### REQUIRED WORK
Copy the records below exactly, but leave out any picture they contain.

(DATA PROVIDED Opens)

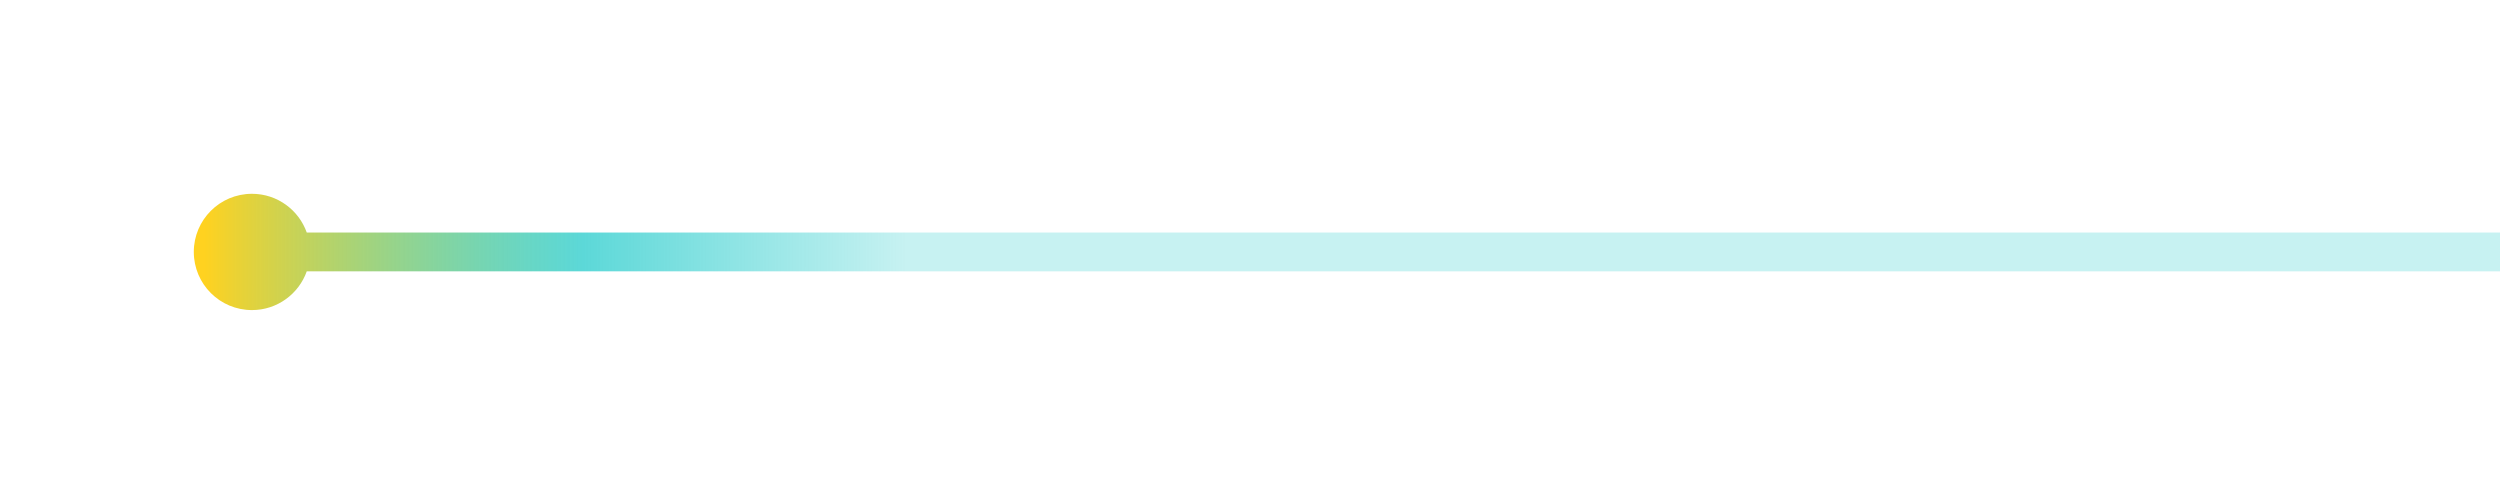 <?xml version="1.0" encoding="UTF-8"?> <svg xmlns="http://www.w3.org/2000/svg" width="258" height="52" viewBox="0 0 258 52" fill="none"> <g filter="url(#filter0_b_2443_9705)"> <circle cx="26" cy="26" r="26" transform="rotate(90 26 26)" fill="white" fill-opacity="0.12"></circle> </g> <g filter="url(#filter1_b_2443_9705)"> <circle cx="14" cy="14" r="14" transform="matrix(1.19249e-08 1 1 -1.19249e-08 12 12)" fill="white" fill-opacity="0.12"></circle> </g> <path fill-rule="evenodd" clip-rule="evenodd" d="M258 28L258 24L31.658 24C30.835 21.67 28.612 20 26 20C22.686 20 20 22.686 20 26C20 29.314 22.686 32 26 32C28.612 32 30.835 30.33 31.658 28L258 28Z" fill="url(#paint0_linear_2443_9705)"></path> <defs> <filter id="filter0_b_2443_9705" x="-20" y="-20" width="92" height="92" filterUnits="userSpaceOnUse" color-interpolation-filters="sRGB"> <feFlood flood-opacity="0" result="BackgroundImageFix"></feFlood> <feGaussianBlur in="BackgroundImageFix" stdDeviation="10"></feGaussianBlur> <feComposite in2="SourceAlpha" operator="in" result="effect1_backgroundBlur_2443_9705"></feComposite> <feBlend mode="normal" in="SourceGraphic" in2="effect1_backgroundBlur_2443_9705" result="shape"></feBlend> </filter> <filter id="filter1_b_2443_9705" x="-8" y="-8" width="68" height="68" filterUnits="userSpaceOnUse" color-interpolation-filters="sRGB"> <feFlood flood-opacity="0" result="BackgroundImageFix"></feFlood> <feGaussianBlur in="BackgroundImageFix" stdDeviation="10"></feGaussianBlur> <feComposite in2="SourceAlpha" operator="in" result="effect1_backgroundBlur_2443_9705"></feComposite> <feBlend mode="normal" in="SourceGraphic" in2="effect1_backgroundBlur_2443_9705" result="shape"></feBlend> </filter> <linearGradient id="paint0_linear_2443_9705" x1="21.107" y1="25.543" x2="94.706" y2="25.543" gradientUnits="userSpaceOnUse"> <stop stop-color="#FFD220"></stop> <stop offset="0.531" stop-color="#00C2C2" stop-opacity="0.64"></stop> <stop offset="0.984" stop-color="#00C2C2" stop-opacity="0.22"></stop> </linearGradient> </defs> </svg> 
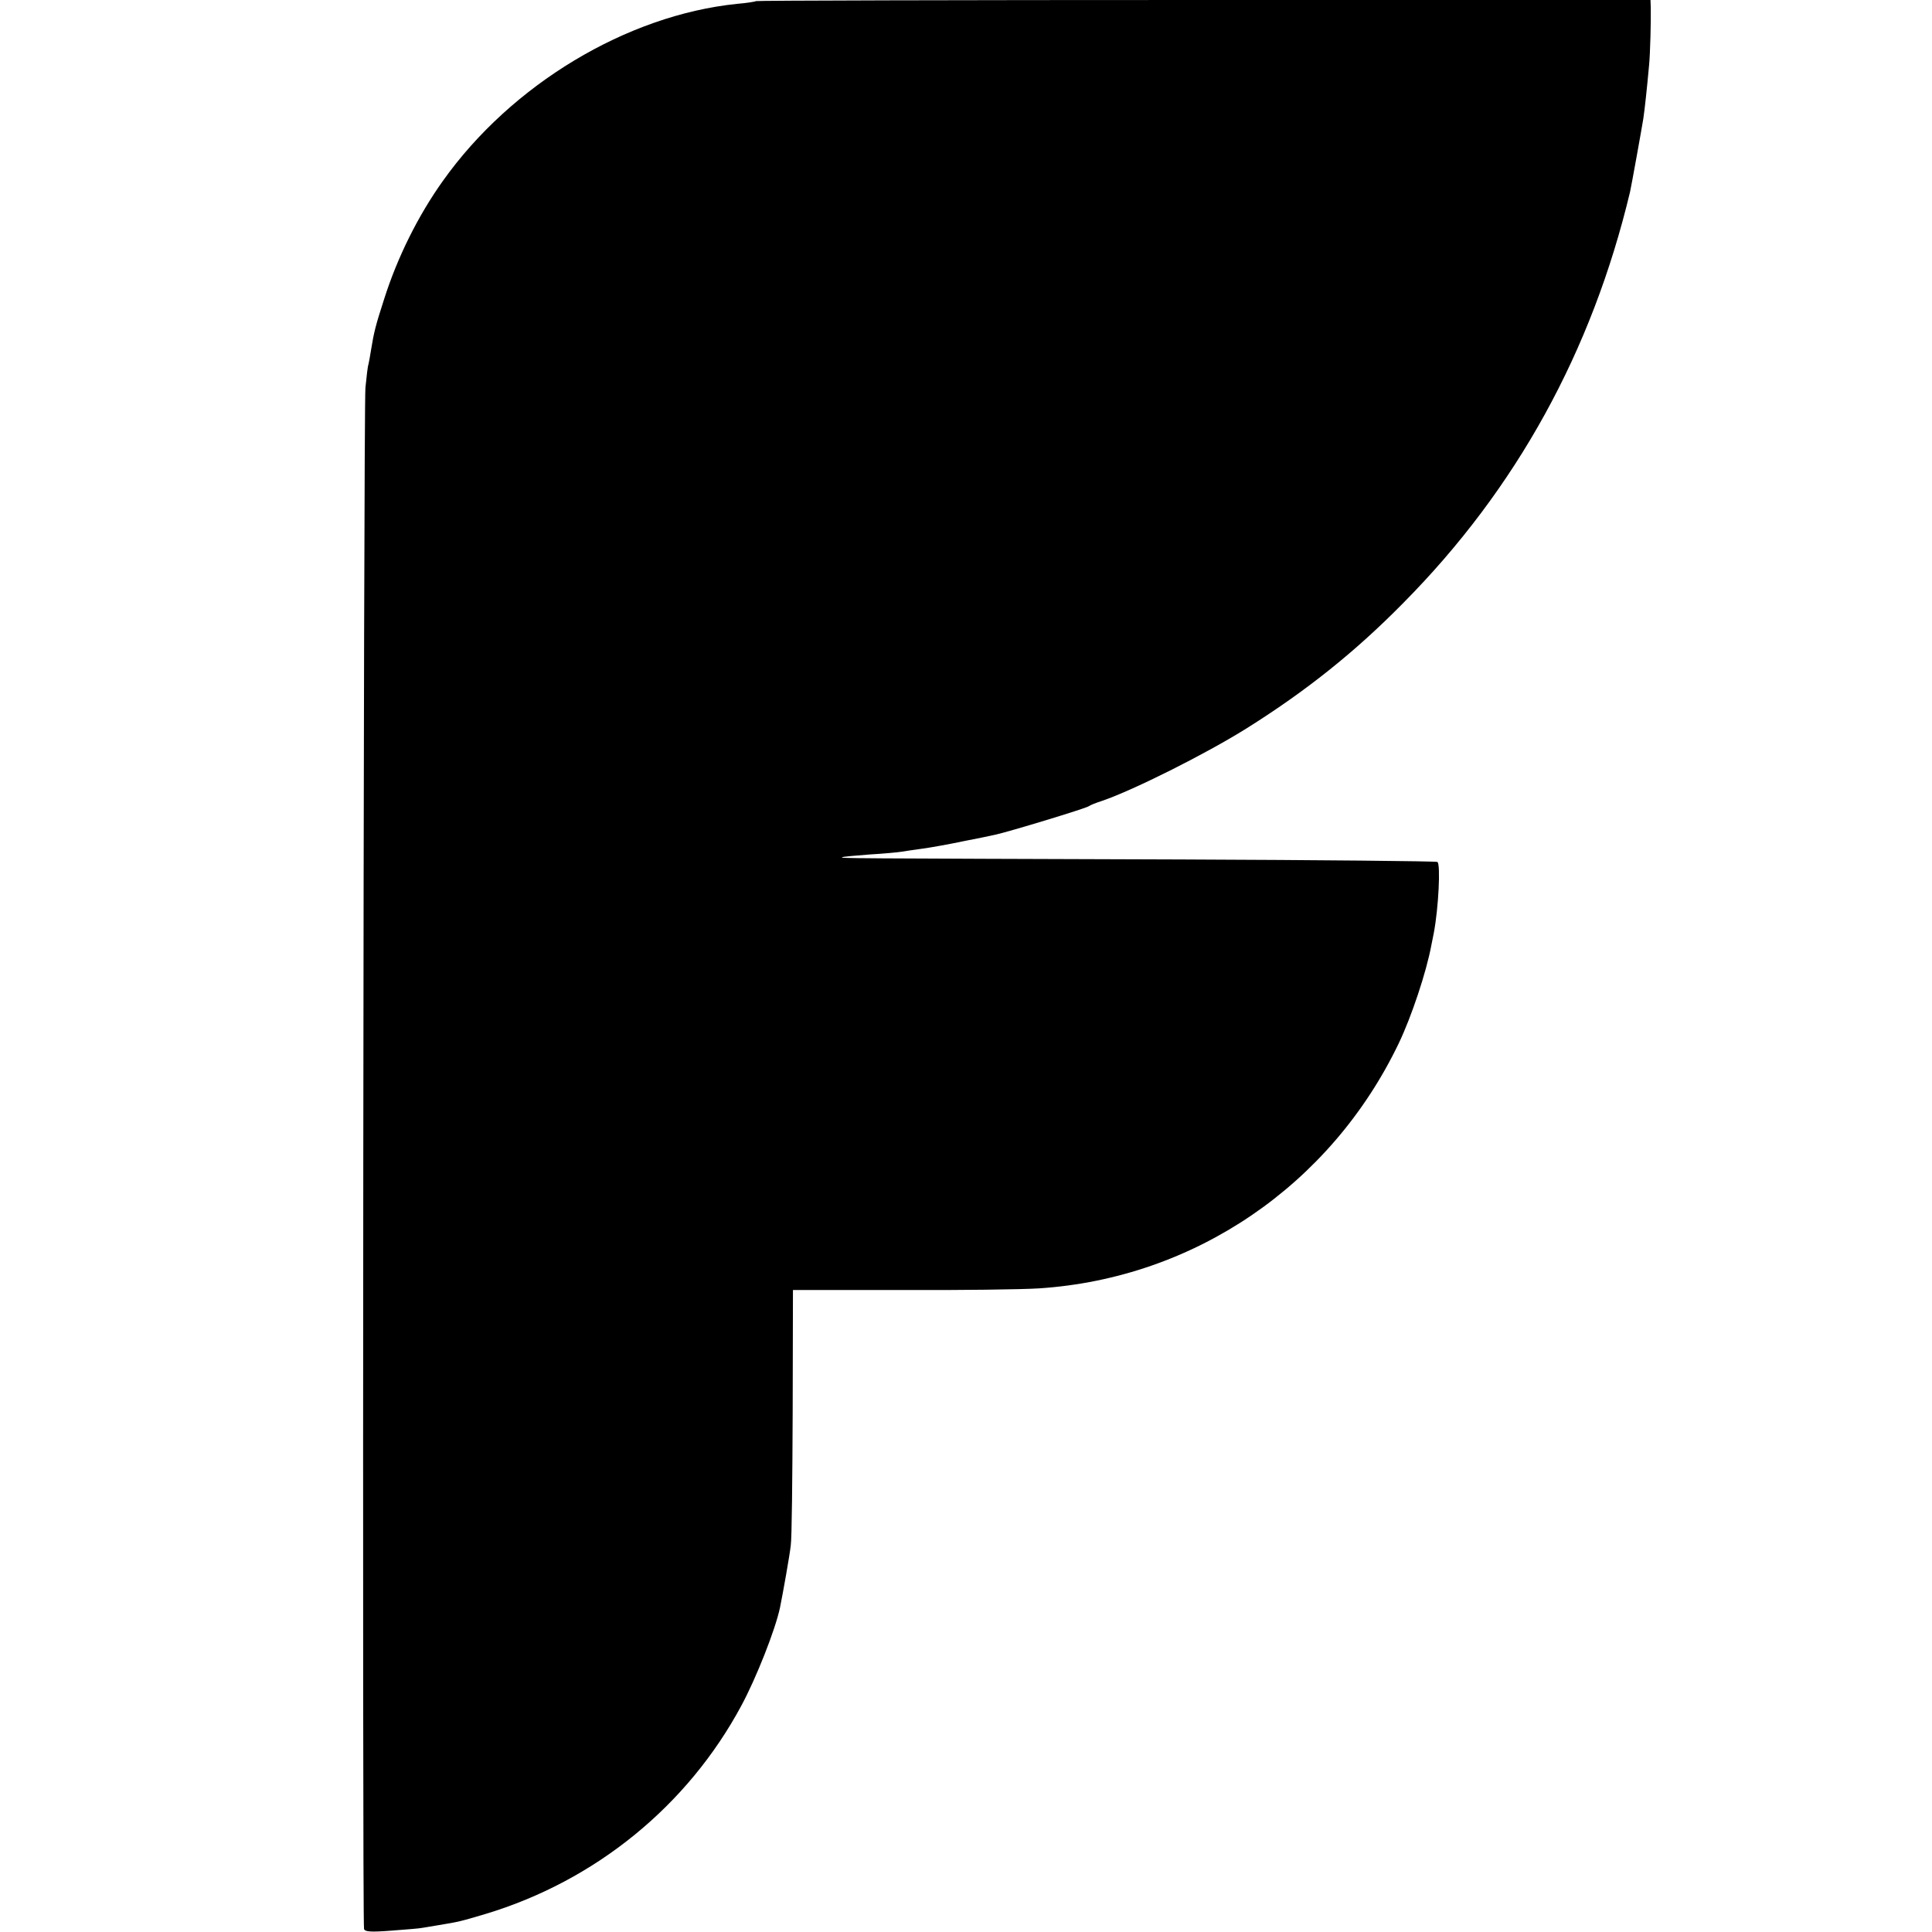 <?xml version="1.0" standalone="no"?>
<!DOCTYPE svg PUBLIC "-//W3C//DTD SVG 20010904//EN"
 "http://www.w3.org/TR/2001/REC-SVG-20010904/DTD/svg10.dtd">
<svg version="1.0" xmlns="http://www.w3.org/2000/svg"
 width="700pt" height="700pt" viewBox="0 0 700 700"
 preserveAspectRatio="xMidYMid meet">
<g transform="translate(0,700) scale(0.1,-0.1)"
fill="#000000" stroke="none">
<path d="M2739 6996 c-2 -2 -33 -7 -69 -10 -399 -41 -817 -292 -1065 -641 -90
-126 -165 -277 -213 -428 -31 -96 -37 -119 -48 -187 -3 -19 -7 -42 -9 -50 -3
-8 -7 -46 -11 -85 -7 -75 -12 -5561 -5 -5584 3 -10 23 -12 100 -6 53 4 103 8
111 10 8 1 35 6 60 10 73 12 77 13 168 40 399 120 733 392 928 755 54 100 123
275 140 355 11 54 35 189 39 225 4 25 6 243 7 486 l1 440 391 0 c215 -1 440 2
501 6 562 37 1056 373 1303 888 46 96 100 258 118 355 2 11 6 31 9 45 17 90
25 249 13 257 -6 3 -423 7 -927 9 -1242 4 -1235 4 -1230 8 2 2 47 6 99 10 52
3 104 8 116 10 12 2 45 7 75 11 30 4 97 16 149 27 52 10 105 21 117 24 40 8
328 95 338 103 5 4 28 13 50 20 113 39 371 168 520 261 217 136 395 278 570
456 409 413 683 911 821 1489 5 22 43 233 48 265 5 33 13 107 21 195 4 41 7
159 6 208 l-1 27 -1619 0 c-890 0 -1620 -2 -1622 -4z"/>
</g>
</svg>

(DATA PROVIDED Closes)

### ANSWER BELOW
 <?xml version="1.0" encoding="UTF-8"?> <svg xmlns="http://www.w3.org/2000/svg" width="258" height="52" viewBox="0 0 258 52" fill="none"> <g filter="url(#filter0_b_2443_9705)"> <circle cx="26" cy="26" r="26" transform="rotate(90 26 26)" fill="white" fill-opacity="0.12"></circle> </g> <g filter="url(#filter1_b_2443_9705)"> <circle cx="14" cy="14" r="14" transform="matrix(1.19249e-08 1 1 -1.19249e-08 12 12)" fill="white" fill-opacity="0.12"></circle> </g> <path fill-rule="evenodd" clip-rule="evenodd" d="M258 28L258 24L31.658 24C30.835 21.67 28.612 20 26 20C22.686 20 20 22.686 20 26C20 29.314 22.686 32 26 32C28.612 32 30.835 30.33 31.658 28L258 28Z" fill="url(#paint0_linear_2443_9705)"></path> <defs> <filter id="filter0_b_2443_9705" x="-20" y="-20" width="92" height="92" filterUnits="userSpaceOnUse" color-interpolation-filters="sRGB"> <feFlood flood-opacity="0" result="BackgroundImageFix"></feFlood> <feGaussianBlur in="BackgroundImageFix" stdDeviation="10"></feGaussianBlur> <feComposite in2="SourceAlpha" operator="in" result="effect1_backgroundBlur_2443_9705"></feComposite> <feBlend mode="normal" in="SourceGraphic" in2="effect1_backgroundBlur_2443_9705" result="shape"></feBlend> </filter> <filter id="filter1_b_2443_9705" x="-8" y="-8" width="68" height="68" filterUnits="userSpaceOnUse" color-interpolation-filters="sRGB"> <feFlood flood-opacity="0" result="BackgroundImageFix"></feFlood> <feGaussianBlur in="BackgroundImageFix" stdDeviation="10"></feGaussianBlur> <feComposite in2="SourceAlpha" operator="in" result="effect1_backgroundBlur_2443_9705"></feComposite> <feBlend mode="normal" in="SourceGraphic" in2="effect1_backgroundBlur_2443_9705" result="shape"></feBlend> </filter> <linearGradient id="paint0_linear_2443_9705" x1="21.107" y1="25.543" x2="94.706" y2="25.543" gradientUnits="userSpaceOnUse"> <stop stop-color="#FFD220"></stop> <stop offset="0.531" stop-color="#00C2C2" stop-opacity="0.64"></stop> <stop offset="0.984" stop-color="#00C2C2" stop-opacity="0.22"></stop> </linearGradient> </defs> </svg> 
 <?xml version="1.0" standalone="no"?>
<!DOCTYPE svg PUBLIC "-//W3C//DTD SVG 20010904//EN"
 "http://www.w3.org/TR/2001/REC-SVG-20010904/DTD/svg10.dtd">
<svg version="1.0" xmlns="http://www.w3.org/2000/svg"
 width="700pt" height="700pt" viewBox="0 0 700 700"
 preserveAspectRatio="xMidYMid meet">
<g transform="translate(0,700) scale(0.1,-0.1)"
fill="#000000" stroke="none">
<path d="M2739 6996 c-2 -2 -33 -7 -69 -10 -399 -41 -817 -292 -1065 -641 -90
-126 -165 -277 -213 -428 -31 -96 -37 -119 -48 -187 -3 -19 -7 -42 -9 -50 -3
-8 -7 -46 -11 -85 -7 -75 -12 -5561 -5 -5584 3 -10 23 -12 100 -6 53 4 103 8
111 10 8 1 35 6 60 10 73 12 77 13 168 40 399 120 733 392 928 755 54 100 123
275 140 355 11 54 35 189 39 225 4 25 6 243 7 486 l1 440 391 0 c215 -1 440 2
501 6 562 37 1056 373 1303 888 46 96 100 258 118 355 2 11 6 31 9 45 17 90
25 249 13 257 -6 3 -423 7 -927 9 -1242 4 -1235 4 -1230 8 2 2 47 6 99 10 52
3 104 8 116 10 12 2 45 7 75 11 30 4 97 16 149 27 52 10 105 21 117 24 40 8
328 95 338 103 5 4 28 13 50 20 113 39 371 168 520 261 217 136 395 278 570
456 409 413 683 911 821 1489 5 22 43 233 48 265 5 33 13 107 21 195 4 41 7
159 6 208 l-1 27 -1619 0 c-890 0 -1620 -2 -1622 -4z"/>
</g>
</svg>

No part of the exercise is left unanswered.